Using Google autocomplete as an estimation, it seems people are split on whether AI and machine learning are helpful or hurtful (or maybe just a crapshoot!).

Lacking explanations for models can lead to biased and ill-informed decisions, like representing gender bias in facial analysis systems, propagating historical cultural stereotypes from text data into widely used AI components, and biasing recidivism predictions by race. To combat this, there are now legal requirements that enforce a “right to explanation” from the most recent GDPR for any automated decision-making system that could impact a person’s safety, legal, or financial status.

Addressing the above problems, understanding what models have learned, and explaining their predictions is the problem of model interpretability.

But what is interpretability? Everyone seems to agree it describes a human understanding of an AI system, but an understanding of what is still open. A system’s internals (e.g., components and models), operations (e.g., the math), data mapping (e.g., input and output relationships), or representation used in an explanation? Therefore, it’s clear that no formal agreed-upon definition for interpretability exists.

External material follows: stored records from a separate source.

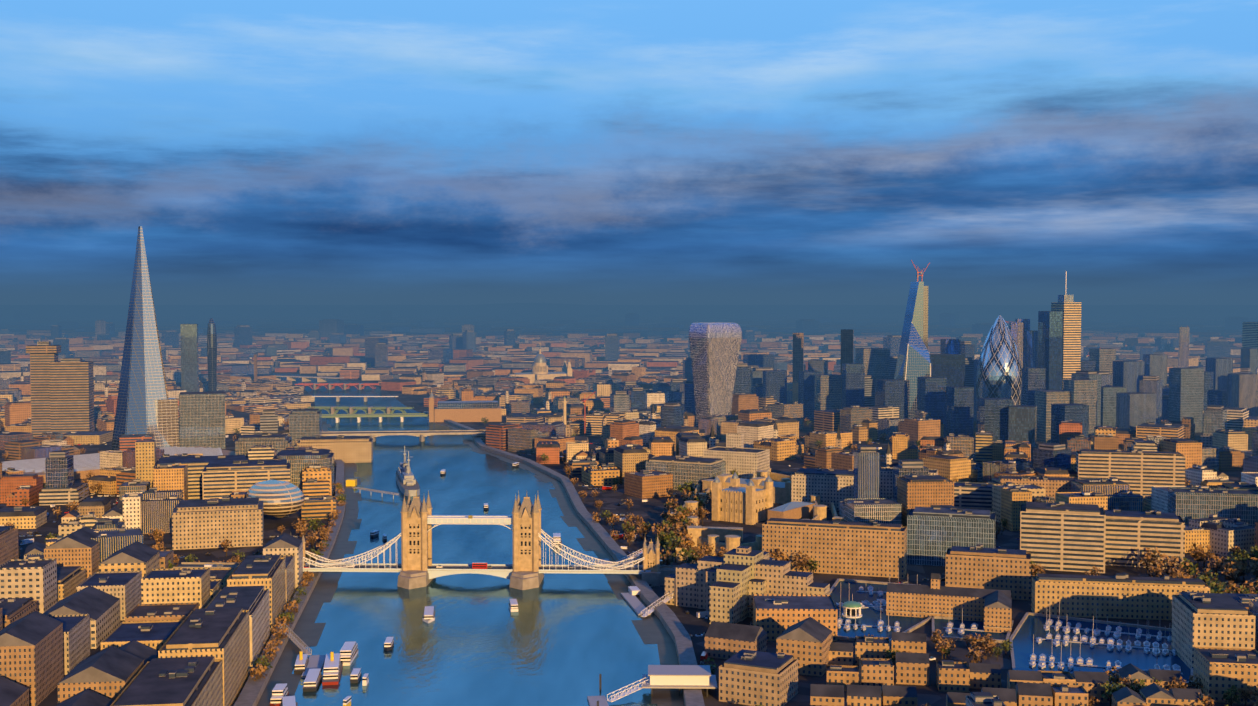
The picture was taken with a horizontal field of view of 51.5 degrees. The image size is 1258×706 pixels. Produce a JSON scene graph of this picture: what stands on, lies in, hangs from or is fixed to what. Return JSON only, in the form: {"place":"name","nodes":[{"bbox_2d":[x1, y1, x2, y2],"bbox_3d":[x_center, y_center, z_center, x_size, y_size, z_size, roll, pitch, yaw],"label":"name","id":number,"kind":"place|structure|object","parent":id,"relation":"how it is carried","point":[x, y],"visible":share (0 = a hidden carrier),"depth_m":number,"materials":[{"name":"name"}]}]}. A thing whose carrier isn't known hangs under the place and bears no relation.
{"place":"outdoors","nodes":[
{"label":"outdoors","id":0,"kind":"place"},
{"bbox_2d":[135,440,155,487],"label":"office building","id":1,"kind":"structure","parent":0,"point":[145,454],"depth_m":1315.43,"materials":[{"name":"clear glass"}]},
{"bbox_2d":[179,391,225,448],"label":"office building","id":2,"kind":"structure","parent":0,"point":[202,423],"depth_m":1759.86,"materials":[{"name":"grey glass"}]},
{"bbox_2d":[248,373,659,705],"bbox_3d":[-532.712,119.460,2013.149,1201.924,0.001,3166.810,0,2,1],"label":"river","id":3,"kind":"structure","parent":0,"point":[561,639],"depth_m":846.22,"materials":[{"name":"liquid"}]},
{"bbox_2d":[396,446,419,495],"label":"warship","id":4,"kind":"object","parent":3,"relation":"on","point":[407,483],"visible":1,"depth_m":1382.71,"materials":[{"name":"grey metal"}]},
{"bbox_2d":[0,305,1257,705],"bbox_3d":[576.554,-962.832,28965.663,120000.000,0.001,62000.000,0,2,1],"label":"ground","id":5,"kind":"structure","parent":0,"point":[650,511],"depth_m":1114.18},
{"bbox_2d":[26,341,93,437],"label":"tower block","id":6,"kind":"structure","parent":5,"relation":"on","point":[62,395],"depth_m":1897.62,"materials":[{"name":"beige concrete"}]},
{"bbox_2d":[2,446,234,482],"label":"railway station roof","id":7,"kind":"structure","parent":5,"relation":"on","point":[84,464],"depth_m":1523.56,"materials":[{"name":"silver metal"}]},
{"bbox_2d":[111,226,179,450],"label":"skyscraper","id":8,"kind":"structure","parent":5,"relation":"on","point":[146,404],"depth_m":1738.13,"materials":[{"name":"grey glass"}]},
{"bbox_2d":[0,526,302,705],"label":"warehouse buildings","id":9,"kind":"structure","parent":5,"relation":"on","point":[188,636],"depth_m":727.63,"materials":[{"name":"beige brick"}]},
{"bbox_2d":[180,324,198,391],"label":"dark tower","id":10,"kind":"structure","parent":5,"relation":"on","point":[189,361],"depth_m":2658.62,"materials":[{"name":"grey glass"}]},
{"bbox_2d":[153,455,248,499],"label":"office building","id":11,"kind":"structure","parent":5,"relation":"on","point":[196,464],"depth_m":1281.92,"materials":[{"name":"beige concrete"}]},
{"bbox_2d":[207,318,216,391],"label":"one blackfriars","id":12,"kind":"structure","parent":5,"relation":"on","point":[212,353],"depth_m":2749.42,"materials":[{"name":"blue glass"}]},
{"bbox_2d":[172,497,263,549],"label":"more london","id":13,"kind":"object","parent":5,"relation":"on","point":[210,523],"visible":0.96,"depth_m":1058.95,"materials":[{"name":"beige stone"}]},
{"bbox_2d":[202,460,290,498],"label":"office building","id":14,"kind":"structure","parent":5,"relation":"on","point":[220,480],"depth_m":1235.09,"materials":[{"name":"beige glass"}]},
{"bbox_2d":[254,354,256,381],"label":"chimney tower","id":15,"kind":"structure","parent":5,"relation":"on","point":[255,367],"depth_m":3100.77,"materials":[{"name":"brown brick"}]},
{"bbox_2d":[235,433,291,457],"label":"more london","id":16,"kind":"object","parent":5,"relation":"on","point":[244,444],"visible":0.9,"depth_m":1534.13,"materials":[{"name":"grey glass"}]},
{"bbox_2d":[246,480,304,518],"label":"city hall","id":17,"kind":"structure","parent":5,"relation":"on","point":[280,499],"depth_m":1152.81,"materials":[{"name":"grey glass"}]},
{"bbox_2d":[273,448,334,495],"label":"office building","id":18,"kind":"structure","parent":5,"relation":"on","point":[299,460],"depth_m":1307.43,"materials":[{"name":"grey glass"}]},
{"bbox_2d":[289,407,321,438],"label":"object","id":19,"kind":"structure","parent":5,"relation":"on","point":[303,422],"depth_m":1761.77,"materials":[{"name":"grey glass"}]},
{"bbox_2d":[276,375,343,381],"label":"bridge","id":20,"kind":"structure","parent":5,"relation":"on","point":[307,378],"depth_m":3231.06,"materials":[{"name":"grey concrete"}]},
{"bbox_2d":[297,435,372,462],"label":"hays galleria","id":21,"kind":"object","parent":5,"relation":"on","point":[352,449],"visible":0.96,"depth_m":1612.08,"materials":[{"name":"beige stone"}]},
{"bbox_2d":[295,383,380,389],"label":"bridge","id":22,"kind":"structure","parent":5,"relation":"on","point":[345,386],"depth_m":2934.84,"materials":[{"name":"brown"}]},
{"bbox_2d":[311,396,398,401],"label":"bridge","id":23,"kind":"structure","parent":5,"relation":"on","point":[338,398],"depth_m":2587.93,"materials":[{"name":"white paint"}]},
{"bbox_2d":[308,406,413,413],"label":"bridge","id":24,"kind":"structure","parent":5,"relation":"on","point":[368,410],"depth_m":2290.66,"materials":[{"name":"green metal"}]},
{"bbox_2d":[322,413,428,422],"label":"railway bridge","id":25,"kind":"structure","parent":5,"relation":"on","point":[337,417],"depth_m":2151.42,"materials":[{"name":"green metal"}]},
{"bbox_2d":[322,430,484,441],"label":"bridge","id":26,"kind":"structure","parent":5,"relation":"on","point":[421,435],"depth_m":1858.48,"materials":[{"name":"concrete"}]},
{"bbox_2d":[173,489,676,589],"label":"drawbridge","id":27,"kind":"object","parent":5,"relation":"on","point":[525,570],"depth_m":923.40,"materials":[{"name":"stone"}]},
{"bbox_2d":[429,392,501,421],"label":"railway station","id":28,"kind":"object","parent":5,"relation":"on","point":[467,411],"visible":0.94,"depth_m":2155.00,"materials":[{"name":"brick"}]},
{"bbox_2d":[234,411,704,705],"bbox_3d":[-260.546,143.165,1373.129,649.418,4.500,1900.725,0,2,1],"label":"embankments","id":29,"kind":"object","parent":5,"relation":"on","point":[667,633],"visible":0.65,"depth_m":888.66,"materials":[{"name":"stone"}]},
{"bbox_2d":[270,456,716,705],"bbox_3d":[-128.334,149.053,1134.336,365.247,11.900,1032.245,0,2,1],"label":"river craft and piers","id":30,"kind":"object","parent":5,"relation":"on","point":[332,664],"visible":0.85,"depth_m":683.92,"materials":[{"name":"grey"}]},
{"bbox_2d":[0,435,1036,663],"bbox_3d":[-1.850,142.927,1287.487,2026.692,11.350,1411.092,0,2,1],"label":"traffic","id":31,"kind":"object","parent":5,"relation":"on","point":[702,614],"visible":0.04,"depth_m":1076.19,"materials":[{"name":"white paint"}]},
{"bbox_2d":[509,347,571,383],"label":"st pauls","id":32,"kind":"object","parent":5,"relation":"on","point":[539,369],"visible":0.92,"depth_m":3077.06,"materials":[{"name":"grey stone"}]},
{"bbox_2d":[563,396,566,424],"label":"monument","id":33,"kind":"object","parent":5,"relation":"on","point":[564,411],"visible":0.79,"depth_m":1898.14,"materials":[{"name":"brown stone"}]},
{"bbox_2d":[0,308,1257,705],"bbox_3d":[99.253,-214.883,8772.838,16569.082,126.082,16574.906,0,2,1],"label":"city","id":34,"kind":"object","parent":5,"relation":"on","point":[628,368],"visible":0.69,"depth_m":2055.86,"materials":[{"name":"brown brick"}]},
{"bbox_2d":[0,408,1257,705],"bbox_3d":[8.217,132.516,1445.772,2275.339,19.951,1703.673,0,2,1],"label":"trees","id":35,"kind":"object","parent":5,"relation":"on","point":[1224,566],"visible":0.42,"depth_m":960.48,"materials":[{"name":"brown plant"}]},
{"bbox_2d":[0,303,1257,316],"bbox_3d":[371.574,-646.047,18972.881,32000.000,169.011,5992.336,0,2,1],"label":"hills","id":36,"kind":"structure","parent":5,"relation":"on","point":[501,308],"depth_m":16911.27,"materials":[{"name":"blue"}]},
{"bbox_2d":[43,412,1257,705],"bbox_3d":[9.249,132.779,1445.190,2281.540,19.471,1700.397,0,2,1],"label":"evergreen trees","id":37,"kind":"object","parent":5,"relation":"on","point":[1231,696],"visible":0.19,"depth_m":965.63,"materials":[{"name":"green plant"}]},
{"bbox_2d":[645,455,725,490],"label":"office building","id":38,"kind":"structure","parent":5,"relation":"on","point":[688,469],"depth_m":1382.47,"materials":[{"name":"beige concrete"}]},
{"bbox_2d":[452,381,950,467],"bbox_3d":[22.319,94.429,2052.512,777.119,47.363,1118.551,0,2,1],"label":"church steeples","id":39,"kind":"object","parent":5,"relation":"on","point":[891,464],"visible":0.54,"depth_m":1772.60,"materials":[{"name":"beige stone"}]},
{"bbox_2d":[689,322,741,424],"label":"walkie talkie","id":40,"kind":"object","parent":5,"relation":"on","point":[714,350],"visible":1,"depth_m":2066.51,"materials":[{"name":"grey glass"}]},
{"bbox_2d":[726,433,743,447],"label":"building","id":41,"kind":"structure","parent":5,"relation":"on","point":[734,439],"depth_m":1542.31,"materials":[{"name":"beige stone"}]},
{"bbox_2d":[705,621,766,659],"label":"warehouse building","id":42,"kind":"structure","parent":5,"relation":"on","point":[723,640],"depth_m":731.27,"materials":[{"name":"brown brick"}]},
{"bbox_2d":[703,446,769,478],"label":"office building","id":43,"kind":"structure","parent":5,"relation":"on","point":[747,463],"depth_m":1440.48,"materials":[{"name":"beige stone"}]},
{"bbox_2d":[665,546,829,623],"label":"tower hotel","id":44,"kind":"structure","parent":5,"relation":"on","point":[727,586],"depth_m":829.76,"materials":[{"name":"beige concrete"}]},
{"bbox_2d":[670,468,843,563],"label":"tower of london","id":45,"kind":"structure","parent":5,"relation":"on","point":[736,499],"depth_m":1180.12,"materials":[{"name":"stone"}]},
{"bbox_2d":[719,649,797,705],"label":"apartment building","id":46,"kind":"structure","parent":5,"relation":"on","point":[750,677],"depth_m":648.87,"materials":[{"name":"beige brick"}]},
{"bbox_2d":[792,333,803,402],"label":"tower","id":47,"kind":"structure","parent":5,"relation":"on","point":[798,351],"depth_m":2535.84,"materials":[{"name":"blue glass"}]},
{"bbox_2d":[776,617,832,676],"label":"warehouse","id":48,"kind":"structure","parent":5,"relation":"on","point":[806,642],"depth_m":700.13,"materials":[{"name":"beige brick"}]},
{"bbox_2d":[791,468,853,510],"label":"office building","id":49,"kind":"structure","parent":5,"relation":"on","point":[829,486],"depth_m":1251.48,"materials":[{"name":"beige stone"}]},
{"bbox_2d":[762,518,906,577],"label":"international house","id":50,"kind":"structure","parent":5,"relation":"on","point":[873,548],"depth_m":955.37,"materials":[{"name":"beige stone"}]},
{"bbox_2d":[840,329,853,374],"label":"tower","id":51,"kind":"structure","parent":5,"relation":"on","point":[847,335],"depth_m":2350.52,"materials":[{"name":"blue glass"}]},
{"bbox_2d":[842,601,861,617],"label":"rotunda","id":52,"kind":"structure","parent":5,"relation":"on","point":[850,608],"depth_m":825.80,"materials":[{"name":"white paint"}]},
{"bbox_2d":[880,467,937,498],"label":"office","id":53,"kind":"structure","parent":5,"relation":"on","point":[886,482],"depth_m":1251.78,"materials":[{"name":"blue glass"}]},
{"bbox_2d":[894,260,928,379],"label":"skyscraper","id":54,"kind":"structure","parent":5,"relation":"on","point":[916,313],"depth_m":2116.58,"materials":[{"name":"blue glass"}]},
{"bbox_2d":[905,322,930,417],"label":"skyscraper","id":55,"kind":"structure","parent":5,"relation":"on","point":[918,363],"depth_m":2022.59,"materials":[{"name":"blue glass"}]},
{"bbox_2d":[929,354,964,386],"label":"st helens","id":56,"kind":"structure","parent":5,"relation":"on","point":[950,368],"depth_m":2111.57,"materials":[{"name":"grey glass"}]},
{"bbox_2d":[886,573,1011,632],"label":"ivory house","id":57,"kind":"structure","parent":5,"relation":"on","point":[991,609],"depth_m":820.31,"materials":[{"name":"beige brick"}]},
{"bbox_2d":[940,339,960,353],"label":"tower","id":58,"kind":"structure","parent":5,"relation":"on","point":[949,346],"depth_m":2188.57,"materials":[{"name":"blue glass"}]},
{"bbox_2d":[907,505,995,565],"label":"glass office","id":59,"kind":"structure","parent":5,"relation":"on","point":[935,533],"depth_m":986.65,"materials":[{"name":"grey glass"}]},
{"bbox_2d":[945,386,973,439],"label":"tower","id":60,"kind":"structure","parent":5,"relation":"on","point":[959,409],"depth_m":1849.96,"materials":[{"name":"blue glass"}]},
{"bbox_2d":[954,481,1004,511],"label":"office","id":61,"kind":"structure","parent":5,"relation":"on","point":[973,495],"depth_m":1216.50,"materials":[{"name":"beige glass"}]},
{"bbox_2d":[945,544,1030,599],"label":"commodity quay","id":62,"kind":"structure","parent":5,"relation":"on","point":[979,566],"depth_m":880.84,"materials":[{"name":"beige brick"}]},
{"bbox_2d":[976,315,1021,404],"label":"skyscraper","id":63,"kind":"structure","parent":5,"relation":"on","point":[999,371],"depth_m":2052.93,"materials":[{"name":"blue glass"}]},
{"bbox_2d":[810,632,1203,705],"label":"apartment buildings","id":64,"kind":"structure","parent":5,"relation":"on","point":[873,674],"depth_m":659.03,"materials":[{"name":"brown brick"}]},
{"bbox_2d":[830,578,1192,692],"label":"dock quays","id":65,"kind":"object","parent":5,"relation":"on","point":[1008,636],"visible":0.31,"depth_m":802.87,"materials":[{"name":"stone"}]},
{"bbox_2d":[999,475,1076,498],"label":"office","id":66,"kind":"structure","parent":5,"relation":"on","point":[1051,485],"depth_m":1246.19,"materials":[{"name":"beige concrete"}]},
{"bbox_2d":[1038,295,1080,389],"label":"skyscraper","id":67,"kind":"structure","parent":5,"relation":"on","point":[1059,342],"depth_m":2056.88,"materials":[{"name":"blue glass"}]},
{"bbox_2d":[1020,501,1105,572],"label":"office building","id":68,"kind":"structure","parent":5,"relation":"on","point":[1061,536],"depth_m":967.75,"materials":[{"name":"beige concrete"}]},
{"bbox_2d":[1081,361,1095,370],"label":"office building","id":69,"kind":"structure","parent":5,"relation":"on","point":[1089,365],"depth_m":2114.40,"materials":[{"name":"blue glass"}]},
{"bbox_2d":[1031,573,1209,619],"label":"warehouse building","id":70,"kind":"structure","parent":5,"relation":"on","point":[1122,595],"depth_m":824.89,"materials":[{"name":"beige brick"}]},
{"bbox_2d":[1076,449,1185,497],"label":"office building","id":71,"kind":"structure","parent":5,"relation":"on","point":[1141,472],"depth_m":1290.49,"materials":[{"name":"beige concrete"}]},
{"bbox_2d":[1104,509,1184,568],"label":"office building","id":72,"kind":"structure","parent":5,"relation":"on","point":[1131,536],"depth_m":981.89,"materials":[{"name":"beige concrete"}]},
{"bbox_2d":[1143,354,1166,394],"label":"tower","id":73,"kind":"structure","parent":5,"relation":"on","point":[1155,364],"depth_m":2146.82,"materials":[{"name":"grey glass"}]},
{"bbox_2d":[1178,327,1188,367],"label":"slim tower","id":74,"kind":"structure","parent":5,"relation":"on","point":[1183,356],"depth_m":2704.48,"materials":[{"name":"grey glass"}]},
{"bbox_2d":[1168,487,1257,526],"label":"office","id":75,"kind":"structure","parent":5,"relation":"on","point":[1186,504],"depth_m":1087.23,"materials":[{"name":"grey glass"}]},
{"bbox_2d":[1171,592,1255,668],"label":"range","id":76,"kind":"structure","parent":5,"relation":"on","point":[1219,620],"depth_m":705.14,"materials":[{"name":"beige brick"}]},
{"bbox_2d":[1193,647,1257,703],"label":"range","id":77,"kind":"structure","parent":5,"relation":"on","point":[1219,671],"depth_m":651.60,"materials":[{"name":"beige brick"}]},
{"bbox_2d":[1240,348,1257,373],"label":"tower","id":78,"kind":"structure","parent":5,"relation":"on","point":[1249,357],"depth_m":2336.75,"materials":[{"name":"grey glass"}]},
{"bbox_2d":[1242,322,1257,347],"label":"office tower","id":79,"kind":"structure","parent":5,"relation":"on","point":[1249,334],"depth_m":2863.30,"materials":[{"name":"blue glass"}]},
{"bbox_2d":[0,0,1257,304],"label":"sky","id":80,"kind":"structure","parent":0,"point":[262,152],"materials":[{"name":"blue"}]},
{"bbox_2d":[743,354,773,369],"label":"office building","id":81,"kind":"structure","parent":0,"point":[762,360],"depth_m":2717.78,"materials":[{"name":"blue glass"}]},
{"bbox_2d":[763,370,786,403],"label":"tower","id":82,"kind":"structure","parent":0,"point":[775,384],"depth_m":2253.47,"materials":[{"name":"blue glass"}]},
{"bbox_2d":[798,371,821,419],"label":"tower","id":83,"kind":"structure","parent":0,"point":[806,388],"depth_m":2194.88,"materials":[{"name":"blue glass"}]},
{"bbox_2d":[808,360,827,373],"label":"office building","id":84,"kind":"structure","parent":0,"point":[819,365],"depth_m":2351.78,"materials":[{"name":"grey glass"}]},
{"bbox_2d":[815,374,841,409],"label":"tower","id":85,"kind":"structure","parent":0,"point":[828,391],"depth_m":2124.04,"materials":[{"name":"blue glass"}]},
{"bbox_2d":[842,363,864,408],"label":"tower","id":86,"kind":"structure","parent":0,"point":[853,382],"depth_m":2072.53,"materials":[{"name":"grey glass"}]},
{"bbox_2d":[855,348,889,379],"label":"tower","id":87,"kind":"structure","parent":0,"point":[876,361],"depth_m":2225.87,"materials":[{"name":"blue glass"}]},
{"bbox_2d":[875,379,906,418],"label":"tower","id":88,"kind":"structure","parent":0,"point":[891,392],"depth_m":1962.20,"materials":[{"name":"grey glass"}]},
{"bbox_2d":[917,377,946,436],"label":"tower","id":89,"kind":"structure","parent":0,"point":[931,395],"depth_m":1917.27,"materials":[{"name":"blue glass"}]},
{"bbox_2d":[974,360,978,421],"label":"tower","id":90,"kind":"structure","parent":0,"point":[975,372],"depth_m":2167.30,"materials":[{"name":"blue glass"}]},
{"bbox_2d":[976,398,1012,449],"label":"tower","id":91,"kind":"structure","parent":0,"point":[993,415],"depth_m":1746.53,"materials":[{"name":"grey glass"}]},
{"bbox_2d":[830,581,1190,686],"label":"dock water","id":92,"kind":"structure","parent":0,"point":[1022,640],"depth_m":780.53,"materials":[{"name":"blue liquid"}]},
{"bbox_2d":[836,568,1182,674],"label":"moored boats","id":93,"kind":"object","parent":92,"relation":"on","point":[1032,661],"visible":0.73,"depth_m":770.11,"materials":[{"name":"grey"}]},
{"bbox_2d":[1008,405,1036,452],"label":"tower","id":94,"kind":"structure","parent":0,"point":[1022,425],"depth_m":1723.67,"materials":[{"name":"grey glass"}]},
{"bbox_2d":[1009,319,1037,367],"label":"tower","id":95,"kind":"structure","parent":0,"point":[1025,337],"depth_m":2111.05,"materials":[{"name":"blue glass"}]},
{"bbox_2d":[1022,368,1044,405],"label":"tower","id":96,"kind":"structure","parent":0,"point":[1033,379],"depth_m":1957.55,"materials":[{"name":"blue glass"}]},
{"bbox_2d":[1035,390,1070,442],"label":"tower","id":97,"kind":"structure","parent":0,"point":[1045,400],"depth_m":1845.03,"materials":[{"name":"grey glass"}]},
{"bbox_2d":[1051,403,1088,443],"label":"tower","id":98,"kind":"structure","parent":0,"point":[1068,412],"depth_m":1725.55,"materials":[{"name":"blue glass"}]},
{"bbox_2d":[1063,379,1096,437],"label":"tower","id":99,"kind":"structure","parent":0,"point":[1084,391],"depth_m":1845.37,"materials":[{"name":"grey glass"}]},
{"bbox_2d":[1089,348,1115,374],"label":"tower","id":100,"kind":"structure","parent":0,"point":[1104,358],"depth_m":2184.12,"materials":[{"name":"grey glass"}]},
{"bbox_2d":[1101,386,1125,427],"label":"tower","id":101,"kind":"structure","parent":0,"point":[1108,403],"depth_m":1953.88,"materials":[{"name":"grey glass"}]},
{"bbox_2d":[1112,361,1143,391],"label":"tower","id":102,"kind":"structure","parent":0,"point":[1128,375],"depth_m":2062.06,"materials":[{"name":"grey glass"}]},
{"bbox_2d":[1116,392,1155,428],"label":"tower","id":103,"kind":"structure","parent":0,"point":[1134,409],"depth_m":1792.36,"materials":[{"name":"grey glass"}]},
{"bbox_2d":[1168,367,1203,431],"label":"tower","id":104,"kind":"structure","parent":0,"point":[1186,391],"depth_m":1983.34,"materials":[{"name":"grey glass"}]},
{"bbox_2d":[1203,371,1213,410],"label":"tower","id":105,"kind":"structure","parent":0,"point":[1208,380],"depth_m":2112.80,"materials":[{"name":"blue glass"}]},
{"bbox_2d":[1207,390,1226,406],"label":"office building","id":106,"kind":"structure","parent":0,"point":[1216,397],"depth_m":2011.60,"materials":[{"name":"blue glass"}]},
{"bbox_2d":[1205,358,1232,389],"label":"tower","id":107,"kind":"structure","parent":0,"point":[1221,368],"depth_m":2144.91,"materials":[{"name":"glass"}]},
{"bbox_2d":[1227,373,1257,416],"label":"tower","id":108,"kind":"structure","parent":0,"point":[1242,390],"depth_m":1952.23,"materials":[{"name":"grey glass"}]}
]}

Despite their problems, machine learning models are still being used today. In our work, we instead sought to operationalize interpretability, that is, to turn this fuzzy concept into something more easily usable and actionable. By breaking down interpretability into a suite of techniques, we can more quickly help data scientists ensure machine learning systems work with humans, not against them. This could help tool builders design models and visualizations where model biases and shortcomings are more readily discoverable.

A Design Probe for Understanding Interpretability

Our approach is to use a design probe: an instrument that is deployed to find out about the unknown — returning with useful or interesting data. This well-tested method in human-computer interaction consists of building a field-testing prototype that considers the needs and desires of a targeted user population, and then inspire and encourage the users to reflect on the prototype and emerging technologies.

We use a design probe to understand the emerging practice of model interpretability, because while building and deploying ML models is now an increasingly common practice, interpreting models is not.

Machine Learning Interpretability Capabilities

To build the prototype, we conducted formative research with 9 professional data scientists at Microsoft who use machine learning on a daily or weekly basis and gave them the following prompt:

Prompt: In a perfect world, given a machine learning model, what questions would you ask it to help you interpret both the model and its predictions?

After all our sessions, we grouped similar questions together, distilled the following 6 capabilities that an explainable interface to ML models should support. (An example question is listed next to each capability with the context of a real-estate model that predicts the price of homes given the features of a house.)

Local instance explanations. Given a single data instance, quantify each feature’s contribution to the prediction. → “Why does that house cost that much?”
Instance explanation comparisons. Given a collection of data instances, compare what factors lead to their predictions. → “What is the difference between these two houses?”
Counterfactuals. Given a single data instance, ask “what-if” questions to observe the effect that modified features have on its prediction. → “What if I added a bedroom to this house?”
Nearest neighbors. Given a single data instance, find data instances with similar features, predictions, or both. → “What are similar homes?”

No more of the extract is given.